The MDRO she contracted led to her spending six of her eight weeks in hospital in isolation, unable to see her children.

That “really really affected my mental health, I forgot how to be a mum”, she said.

Ahmed Ahmed, a consultant bariatric (weight loss) surgeon and secretary for the British Obesity and Metabolic Surgery Society, told i: “We strongly advise patients who are considering undergoing bariatric or other types of surgery abroad to research their options carefully.

“I have seen increasing numbers of patients who had bariatric surgery abroad being left with serious complications requiring further surgery in the UK.

“Sometimes this was due to a lack of post-operative follow up. Ultimately, we need an urgent increase in commissioning these life-saving metabolic operations so that the millions of people who would benefit are able to access these treatments here in the UK.”

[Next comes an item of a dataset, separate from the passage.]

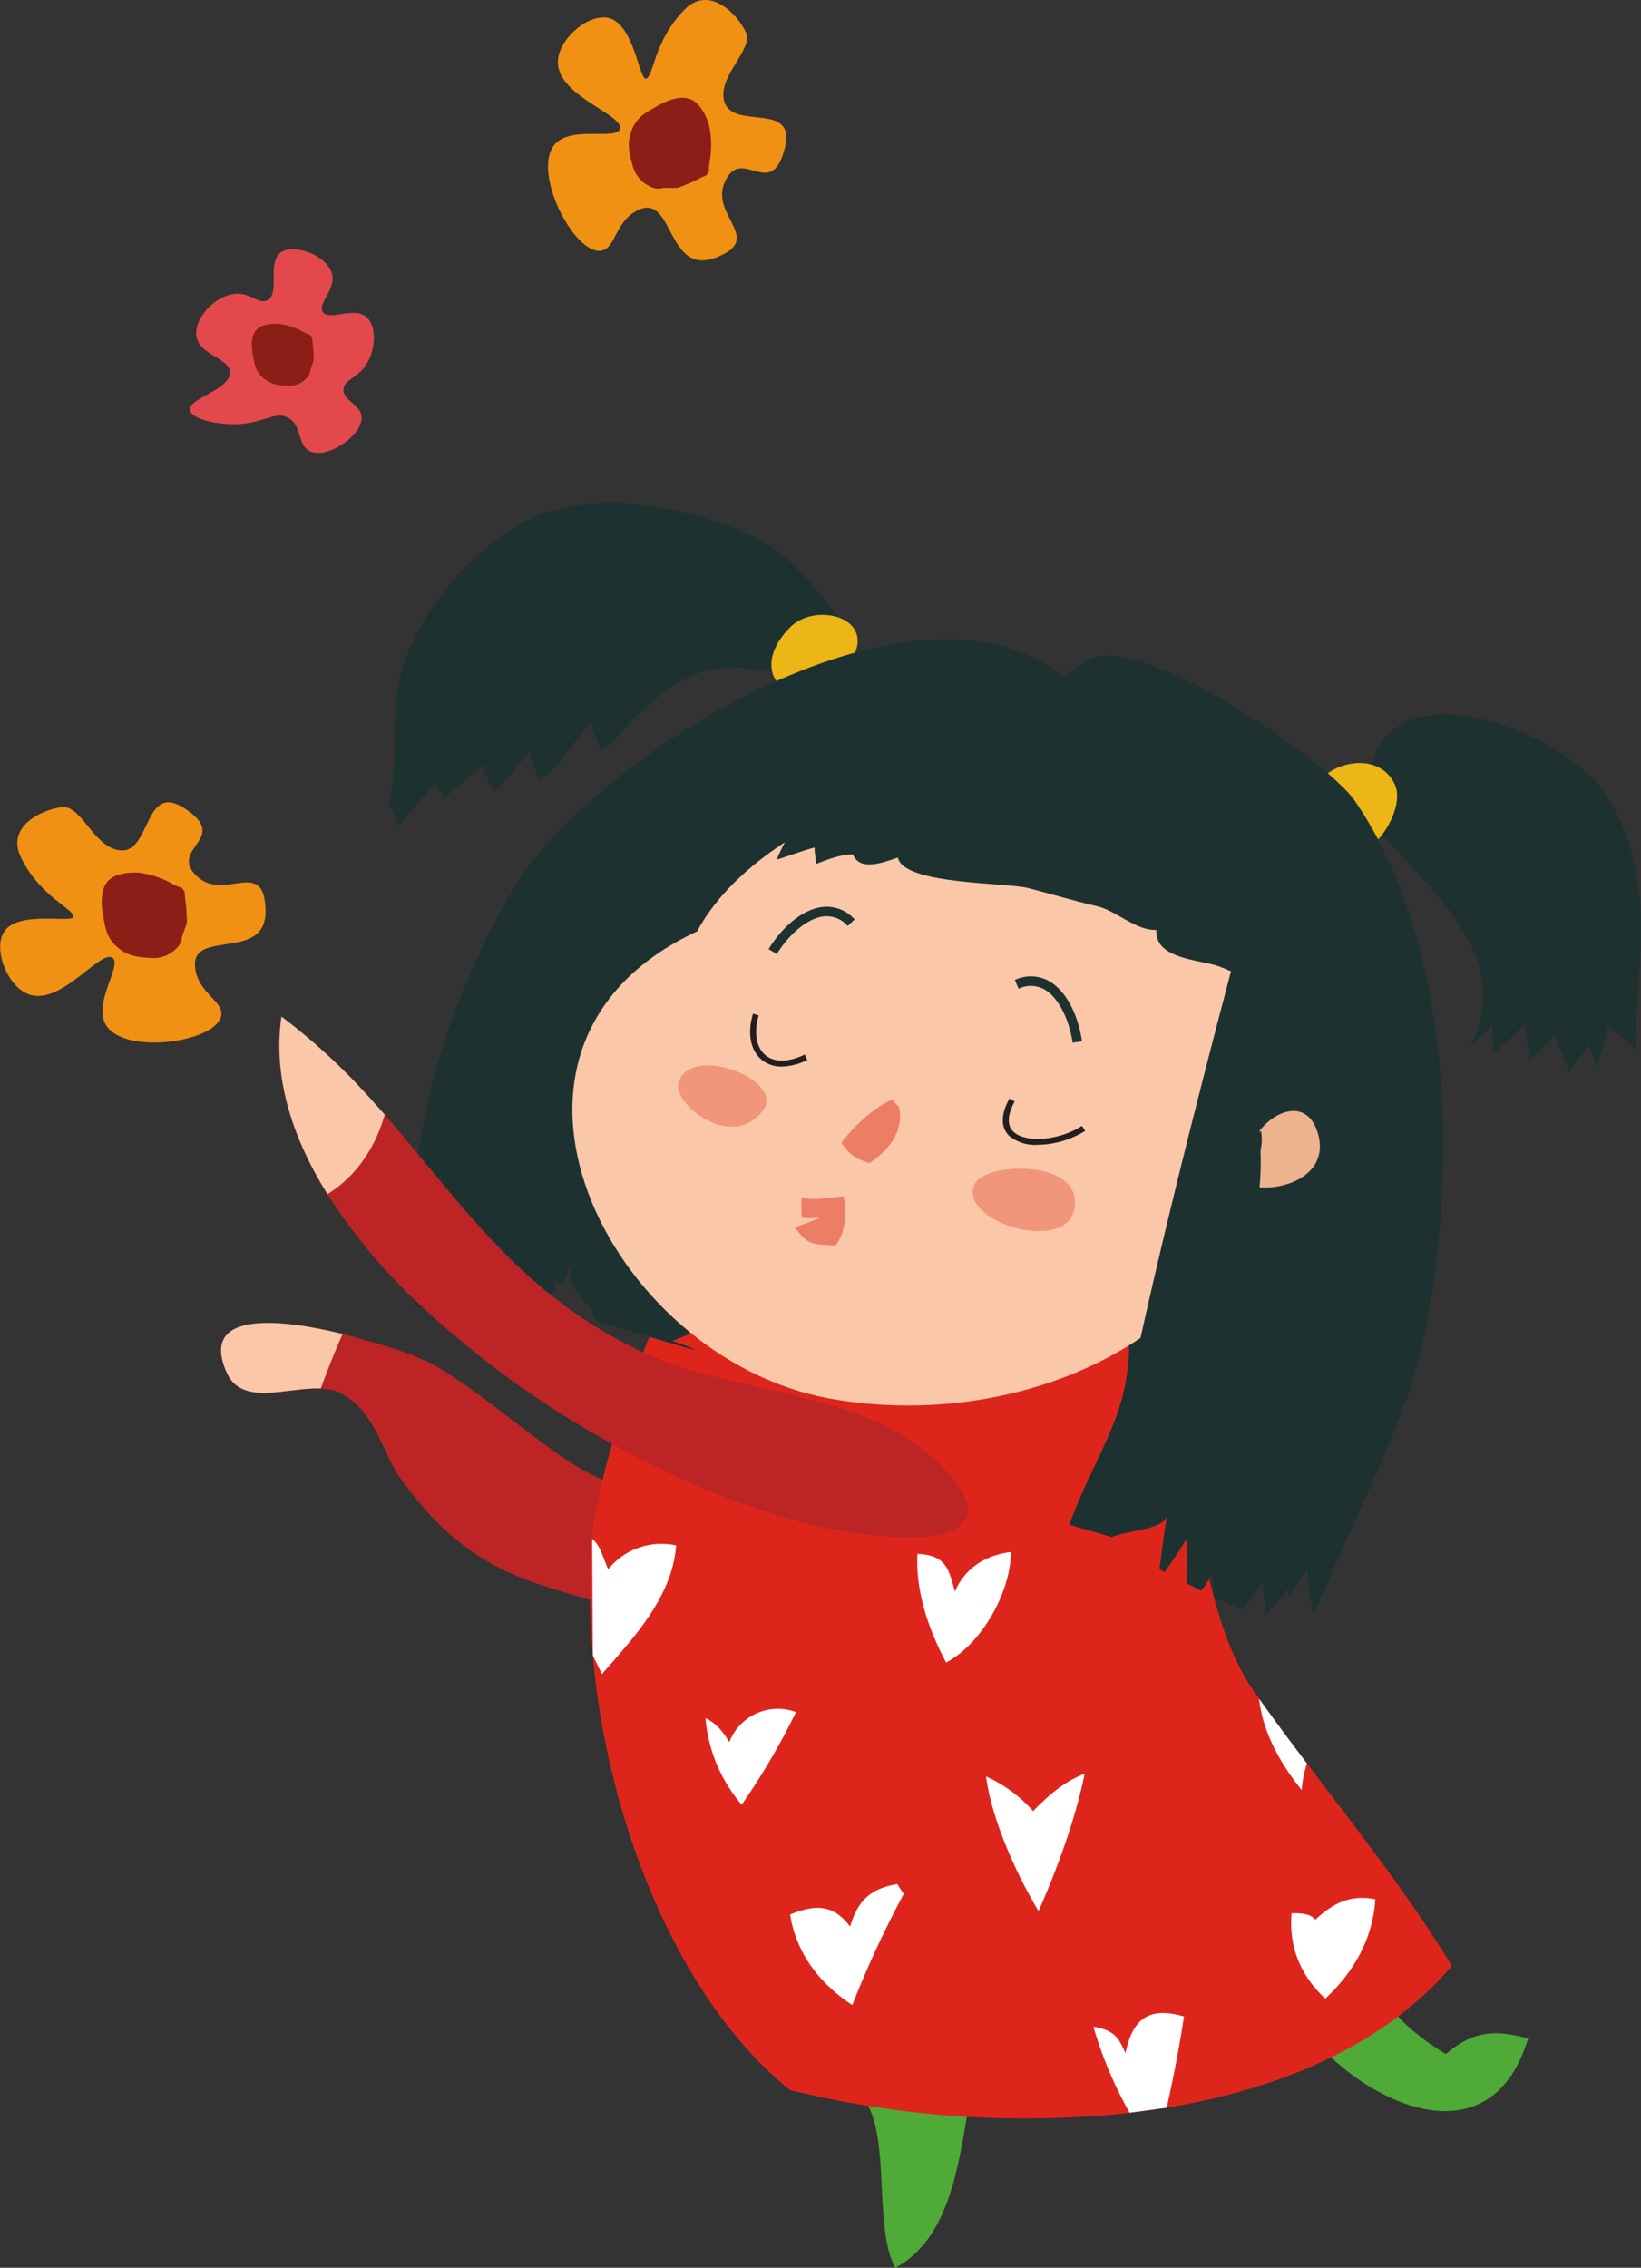 <svg xmlns="http://www.w3.org/2000/svg" viewBox="0 0 362.6 500.92"><rect x="0" y="0" width="362.6" height="500.92" fill="#333333" stroke="none"/><defs><style>.cls-1{fill:#bd2425;}.cls-2{fill:#4faa38;}.cls-3{fill:#e45740;}.cls-4{fill:#de251c;}.cls-5{fill:#fff;}.cls-6{fill:#1d3230;}.cls-7{fill:#21a28e;}.cls-8{fill:#ebb616;}.cls-9{fill:#843f2f;}.cls-10{fill:#fac7a8;}.cls-11{fill:#231f20;}.cls-12{fill:#ec7e66;}.cls-13{fill:#f1967a;}.cls-14{fill:#edb38f;}.cls-15{fill:#e3484d;}.cls-16{fill:#8b1e17;}.cls-17{fill:#f09114;}</style></defs><g id="Layer_2" data-name="Layer 2"><g id="Capa_1" data-name="Capa 1"><path class="cls-1" d="M137,355.27c-2.09-.62-4.11-1.19-6.05-1.74l-.54-.16c-16.65-4.74-28-8.05-41.28-25.89-4.76-6.43-5.57-13.88-12-18.58a20.12,20.12,0,0,0-1.71-1.1l-.06,0c-7-3.9-21.12,4.55-25.2-4.47-6.43-14.24,12.47-12.1,27.84-8.08,1.77.47,3.5,1,5.14,1.45a85.08,85.08,0,0,1,12,4.36c11.84,6.46,28.83,22.55,38.11,25.76a8.88,8.88,0,0,0,2.65.56l.69,17.1Z"/><path class="cls-2" d="M292.06,452.42c13.11,13.7,37.78,23.67,45.6-2.14-6.83-1.85-11.81-2-18.19,3.43-5-3-10.88-7.58-13.6-12.27Z"/><path class="cls-2" d="M189.4,461.86c8.19,7.18,3.16,29.6,8.42,39.06,12-6.32,14-22.84,16.22-35.72Z"/><path class="cls-3" d="M174.18,461.57l.2.05C174.3,461.61,174.22,461.61,174.18,461.57Z"/><path class="cls-4" d="M320.79,434.25c-14.76,17.43-37.77,27.18-63,31.31q-4.1.68-8.25,1.15a217.48,217.48,0,0,1-75.17-5.09h.13c-24.55-19.84-40.25-58.94-43.51-96a153.49,153.49,0,0,1-.17-25.7c1.21-14.77,11.57-44.91,17.84-55.5,0,0,75.72,11.51,101.79,7.85,15.15,20.29,11.64,60.11,26.84,81.64l.9,1.27c3.37,4.73,6.94,9.51,10.58,14.31C300.07,404.42,312,419.58,320.79,434.25Z"/><path class="cls-5" d="M228.28,400.05a30.54,30.54,0,0,0-10.39-7.65c1.17,9.23,6.57,21.42,11.59,29.73,4.19-9.49,8.2-20.46,10.19-30.34C235,393.59,231.51,396.71,228.28,400.05Z"/><path class="cls-5" d="M161.16,384.8c-1.38-2.15-2.62-4-5.27-5.29a33.53,33.53,0,0,0,8,19.12,155,155,0,0,0,12-20.45A11.48,11.48,0,0,0,161.16,384.8Z"/><path class="cls-5" d="M211,351.54c-1.34-4.83-1.85-8.06-8.29-8.31-.41,8.13,2.3,16.38,6.34,24,7.89-4.15,14.27-15.53,14.33-24.42C217.31,343.55,213,346.78,211,351.54Z"/><path class="cls-5" d="M187.84,425.54c-3-3.84-6.23-5.57-13.25-2.65,1.31,8.43,6.37,15.16,13.73,20a230.59,230.59,0,0,1,11.38-24.56c-.49-.71-1-1.43-1.42-2.16C191.75,417.21,189.39,420.45,187.84,425.54Z"/><path class="cls-5" d="M303.9,419.51c-5.69-1.12-9.45,1-13.29,4.53-.76-1-2.18-1.55-5.23-1.43-.6,7.2,1.76,13.53,7.45,18.88C299.12,435.64,303.38,428.21,303.9,419.51Z"/><path class="cls-5" d="M287.62,395.4c-4.9-6.1-8.6-12.9-9.42-20.19,3.37,4.73,6.94,9.51,10.58,14.31A25.62,25.62,0,0,0,287.62,395.4Z"/><path class="cls-5" d="M257.8,465.56c1.5-6.68,2.8-13.49,3.82-20.14-8.23-2.43-11.44,1.05-12.93,8.07-1.44-3-2.07-5-7.09-5.82a89.47,89.47,0,0,0,8,19Z"/><path class="cls-5" d="M131,365.65c.67,1.37,1.34,2.75,2,4.14,6.52-7.51,15.61-16.94,16.39-28.43a15.15,15.15,0,0,0-15,5.27c-1.25-2.81-1.71-5.25-3.54-6.68Z"/><path class="cls-6" d="M354.48,175c-9-13.56-48.89-29.3-51.86-3.12l-2.5,5.58c10.42,16,36.82,31.2,24.33,54.57a35.18,35.18,0,0,1,5.31-5.58c-.22,2.2.46,4.43.17,6.53,1.92-2.2,5-4.2,6.89-7.07.05,2.53,1.38,5.67,1,8.66,1.14-1.7,4.4-3.78,5.75-6.16.55,2.67,2.71,6,3,8.66.65-1.34,3.84-4.68,4.51-6.4.36,1.85,1.56,3.89,1.79,5.76.51-3.26,2.11-6.64,2.34-10.11,1.46,1.85,4.83,3.72,6.13,5.71C361.71,212,366.52,193.22,354.48,175Z"/><path class="cls-6" d="M185.34,136.46c-6.36-7.89-10.74-14.82-21.87-19.36-14.8-6-36-9.39-50-.56-11.68,7.33-23,21.46-25.49,35.07-1.63,8.9,0,18.27-2.21,26.87.1-.12.49-.38.6-.5a17.6,17.6,0,0,0,1.81,4.42c2.24-2.46,5.19-6.52,8.06-9.3a24.25,24.25,0,0,0,2.13,3.19c2.31-2.51,5.78-4.8,8.29-7.35.32,2.22,1.93,4.25,2.25,6.38a96.8,96.8,0,0,0,8.09-9.44c.2,2.19,1.7,4.54,1.93,6.43,4.84-2.69,7.73-8.54,11.72-12.79.26,2.73,1.71,4.24,2.19,6.5,8-7.24,13.3-15.72,24.8-18.21,3.79-.83,8.5.06,13,.56a36.75,36.75,0,0,0,5.16.27h0a10.83,10.83,0,0,0,6.63-2.09l.31-.49,4.54-7.27C186.59,138,186,137.23,185.34,136.46ZM86.35,178v0S86.36,178,86.35,178Z"/><path class="cls-7" d="M258.66,331.81l0,0Z"/><path class="cls-8" d="M186.48,148c9.51-11-5.89-15.65-12-9.34-9.93,10.21.91,18.41,6.3,11.75Z"/><path class="cls-8" d="M291.45,172.79c3.23-4.72,13.45-6.72,16.78.53,2.88,6.26-7.64,20.72-12.57,12.79Z"/><path class="cls-6" d="M223.57,164.48c4-6.83,9.71-15,17.13-18.86,11.65-6,52.55,22.36,58.71,31.34,13.29,19.37,18.48,45.38,19.35,68.29.73,19.28-1.44,45.94-8.07,64.05-5.9,16.12-13.93,31.58-20.41,47.48a48.37,48.37,0,0,1-1.39-10.45c-.22.69-2.9,4.65-3.73,6.3-.43-.31-.44-1.34-.8-1.51-1.1,2.16-3.73,4.18-4.87,5.86.31-2.78-.56-5.24-.48-8a78.22,78.22,0,0,1-4.25,6.66l-5.62-2.35-.91-.47a32.93,32.93,0,0,0-.44-5.16,17.69,17.69,0,0,1-2.4,3.7c-1.07-.55-2.14-1.1-3.21-1.63.09-3.32.09-6.67,0-9.86a78.67,78.67,0,0,1-4.89,7.39l-1.1-.71c.59-4,1-8.14,1.75-12-.7,3.45-8,3.26-12.43,5-.55-.36-8.69-2.47-9.23-2.83,6.58-17.62,14.22-24.88,13.1-43.8-1-16.79,6.68-32.42,5.82-49.21-.72-13.87-2.93-28.1-9.84-40.54-7.22-13-16.13-25.85-22.5-39.42A.7.7,0,0,1,223.57,164.48Z"/><path class="cls-6" d="M113,197.07c18.91-32.69,102.62-82.38,129.44-38.79l-9.27-6.75c1.69,4.81-.17,11.85-1.53,16.73,7.66.18,6.89,8.72.7,12.5-6,3.64-15.91,1.39-22.22,1-14.14-.92-33.29,9.41-45.85,19.69-24.16,19.76-7.06,63.31-11.79,93.17-.13,0-3.76,1.57-3.9,1.57,17.38,6.17-16.31-4.43-16.8-4.37h0c-2.7-6.46-5.74-5.18-5.9-12.23-2.85,10.58-4.29-4.43-3.17,6.34a.76.76,0,0,0-.72-.71c0,.78.11,1.57.17,2.36-2.71.18-5.43.4-8.15.62a14.39,14.39,0,0,1-.86-2.41c0,.82.07,1.65.12,2.47q-2.84.24-5.67.44a33.21,33.21,0,0,1-2-2.68c-.4.61-.33,1.54-.78,2.23-1.73-4-3.17-8.49-3.13-12.71a28.09,28.09,0,0,0-7.94,13.28l-2.15-.13C88.85,256.41,96.06,226.31,113,197.07Z"/><path class="cls-9" d="M231.6,168.3a.24.24,0,0,0,0,.08S231.6,168.34,231.6,168.3Z"/><path class="cls-9" d="M231.59,168.26s0,0,0,0Z"/><path class="cls-10" d="M239.46,171.28c-22.1-6.67-71.12,7.84-85.43,34.45-54.23,25.2-19.76,94.13,29.1,103.15,23.4,4.31,49.49-.24,68.88-13.35,6.81-30.61,14.69-61,22.71-91.27C268,189,256.36,176.38,239.46,171.28Z"/><path class="cls-6" d="M171.64,210.74l-1.8-1.09c2.39-4,6.95-8.78,12-9.32a8.24,8.24,0,0,1,7,2.76l-1.53,1.45a6.14,6.14,0,0,0-5.28-2.12C178.06,202.85,174,206.91,171.64,210.74Z"/><path class="cls-11" d="M172.78,235.59a6.8,6.8,0,0,1-4.57-1.58c-2.43-2.09-3.11-5.86-1.82-10.09l1.26.38c-1.12,3.66-.57,7,1.41,8.71s5.09,1.68,8.76-.07l.57,1.19A13.4,13.4,0,0,1,172.78,235.59Z"/><path class="cls-11" d="M229.28,252.88A9.08,9.08,0,0,1,223.1,251c-1.4-1.29-2.54-3.78-.06-8.33l1.16.63c-1.15,2.1-2.12,5-.21,6.73,2.73,2.52,10.2,1.85,15.08-1.34l.72,1.1A20.54,20.54,0,0,1,229.28,252.88Z"/><path class="cls-12" d="M197.08,242.93c-3.55,1.39-8.39,5.72-11.17,9.51,1.88,2.66,3,3.42,6.18,4.48,4.95-3.24,7.63-7.66,6.57-12.42Z"/><path class="cls-13" d="M168.65,245.17c4.84-6.65-16.16-14.79-18.72-6C148.56,243.91,161.89,254.46,168.65,245.17Z"/><path class="cls-13" d="M215.4,261.52c-4,8,19.43,15.53,21.88,5.91C240.16,256.1,217.94,256.45,215.4,261.52Z"/><path class="cls-12" d="M186.41,264.3c-1.61-.11-5.72,1-9.23.28-.24-.33-.06,4.45,0,4.26-.18.47,3.82.08,4,.22-1.42.48-4.33,1.69-5.59,2,3,4.12,3.89,3.7,9,4.07C188,270.83,186.41,264.3,186.41,264.3Z"/><path class="cls-6" d="M188.53,170.15c-6.54.29-14.48,13.79-16.93,19.74,2.91-.85,5.65-2,8.41-2.68-.11,1.11.37,2.56.26,3.65,2.38-.92,5.43-2.17,8.2-2.12,1.56,3.84,6.75,1.73,9.94.69,1.22,6,23.78,5.47,28.72,6.72,5.17,1.31,10.4,2.91,15.2,4,4.38,1,8.58,5.43,13.18,5.27-.36,6.6,10,6.54,14,8.1,5.74,2.23,12.05,5.54,12.51,12.44,4.39-7.18,1.8-20.87.55-29.25-2.07-13.81-9-17.23-22.24-21.47-14.21-4.55-32.1-9.23-47-8.47-6.93.35-20.1.13-25.54,4.92Z"/><path class="cls-14" d="M291.37,251c-2-8.41-9.27-6.06-13-1.29l0,.47.26-.4a10.29,10.29,0,0,1-.11,4.33,61.85,61.85,0,0,1-.21,8.17C284.56,262.76,293.31,259.21,291.37,251Z"/><path class="cls-6" d="M237,230.31l2.08-.28c-.62-4.58-2.89-10.82-7.27-13.31a8.27,8.27,0,0,0-7.56-.26l.83,1.94a6.15,6.15,0,0,1,5.69.15C234.22,220.53,236.38,225.88,237,230.31Z"/><path class="cls-1" d="M186.43,338.26c-15.06-2.5-33.31-9.43-51.15-19.31a210.84,210.84,0,0,1-41.89-30.17c-.67-.63-1.33-1.25-2-1.89a125.92,125.92,0,0,1-19.07-23.12c-1.3-2.09-2.5-4.2-3.59-6.31-5.57-10.83-8.17-22-6.57-32.91a137,137,0,0,1,19,17.4q2,2.12,3.82,4.26c2.55,2.91,5,5.85,7.43,8.78,9.14,11,17.91,22,29.59,31.27a99.83,99.83,0,0,0,19.6,12.21l.52.23c19.16,8.83,46.58,8.81,62,21.64C223.45,336.46,212.28,342.55,186.43,338.26Z"/><path class="cls-10" d="M85,246.21c-2,7.1-6.14,13.53-12.64,17.56-1.3-2.09-2.5-4.2-3.59-6.31-5.57-10.83-8.17-22-6.57-32.91a137,137,0,0,1,19,17.4Q83.12,244.07,85,246.21Z"/><path class="cls-10" d="M70.87,306.69c.41-1.11.83-2.22,1.25-3.32,1.13-2.94,2.29-5.86,3.6-8.72C60.84,291,44,289.76,50.15,303.3,53.48,310.66,63.49,306.39,70.87,306.69Z"/><path class="cls-15" d="M61.94,55.84c2.88-2.19,10.28.54,11.4,4.55,1,3.54-3.28,6.69-2,8.55,1.42,2.06,6.9-1.37,9.69,1.14,2.22,2,2,7,0,10.26S76,83.8,75.9,86c-.15,2.56,3.75,3.27,4,6,.36,4-7.43,9.51-11.4,7.69-2.91-1.33-1.61-5.65-4.84-7.4-3-1.63-5.41,1.4-12,1.42-4.22,0-9.41-1.23-9.69-3.13-.37-2.62,8.86-4.46,8.84-8.27,0-3.24-6.72-3.78-7.41-8-.63-3.84,4-9,8.55-9.41,3.49-.29,5.24,2.44,7.12,1.43C61.92,64.85,59,58.11,61.94,55.84Z"/><path class="cls-16" d="M69.31,79.59A28.93,28.93,0,0,0,69,75.22a1.24,1.24,0,0,0-1-1.43L67,73.33a14.88,14.88,0,0,0-5.33-1.79c-1.54-.12-3.89.09-5,1.32-1.3,1.42-1.11,3.93-.78,5.64.36,1.92.54,3.35,2,4.75,1.63,1.54,3.22,1.83,5.44,1.94a5.12,5.12,0,0,0,4.22-1.47,2.79,2.79,0,0,0,1-1.93Z"/><path class="cls-17" d="M13.8,178.28c4.27-.42,7.08,9.3,13,9.56,6.6.28,5-15.08,13.94-9.32,10.41,6.74-3.49,8.78,2.6,14.87s15.09-4.32,15.34,7.67c.24,11.51-16.3,4.06-15.58,12.47.51,5.95,6.63,7.65,5.75,11-1.49,5.78-21.34,8.5-25.42,1.92-3-4.88,3.63-13.24,1.44-14.87-2.59-1.93-11.19,10.34-18.22,8.15-5-1.54-8.24-10.06-5.76-13.9C4,201,16,204,16.2,202.5c.29-1.71-7.12-4.19-11.51-12.95C1.08,182.35,9.68,178.69,13.8,178.28Z"/><path class="cls-16" d="M41.29,203.87a39.08,39.08,0,0,0-.46-6,1.72,1.72,0,0,0-1.4-2l-1.29-.63a20.64,20.64,0,0,0-7.34-2.47c-2.13-.16-5.37.13-6.92,1.82-1.8,2-1.52,5.41-1.08,7.76.5,2.66.75,4.63,2.79,6.56,2.24,2.11,4.43,2.51,7.49,2.67a7,7,0,0,0,5.81-2,3.87,3.87,0,0,0,1.33-2.67Z"/><path class="cls-17" d="M164.8,7.11c1.81,3.88-6.44,9.74-4.74,15.38,1.91,6.32,15.89-.2,13.39,10.08-2.93,12.06-9.44-.39-13.18,7.36s9,12.83-2.18,17c-10.79,4-9.21-14.05-16.92-10.6-5.44,2.44-5,8.78-8.51,9.07-6,.49-15.06-17.35-10.19-23.36,3.6-4.46,13.69-.94,14.51-3.55,1-3.08-13.45-7.16-13.71-14.51-.19-5.22,6.78-11.1,11.23-10,5.6,1.36,6.71,13.64,8.23,13.38,1.71-.29,1.61-8.11,8.43-15.14C156.77-3.56,163.06,3.35,164.8,7.11Z"/><path class="cls-16" d="M149.71,41.5a40.08,40.08,0,0,0,5.53-2.42,1.73,1.73,0,0,0,1.4-2l.17-1.42a20.61,20.61,0,0,0-.09-7.75c-.55-2.06-1.89-5-4-5.93-2.44-1.05-5.61.35-7.68,1.55-2.35,1.34-4.12,2.22-5.27,4.79-1.26,2.81-.91,5-.05,8a7,7,0,0,0,3.82,4.82,3.81,3.81,0,0,0,3,.37Z"/></g></g></svg>

A trial into allegations of negligence by the clinic that treated Ms Platt will be held in Turkey in January.

The UK health minister, Maria Caulfield, has said officials from the Department of Health and Social Care would be “visiting Turkey shortly to meet with their counterparts” after a report on prevention of future deaths written by a Norfolk coroner following the death of Melissa Kerr, who died during buttock surgery at an Istanbul clinic.

Ms Caulfied said the Government was aware checks made by some countries offering healthcare tourism “may not match UK regulatory standards” and that “such transparency and standardisation are important to reduce potential risks to patients”.

i has asked the Department for Health and the Turkish government for comment.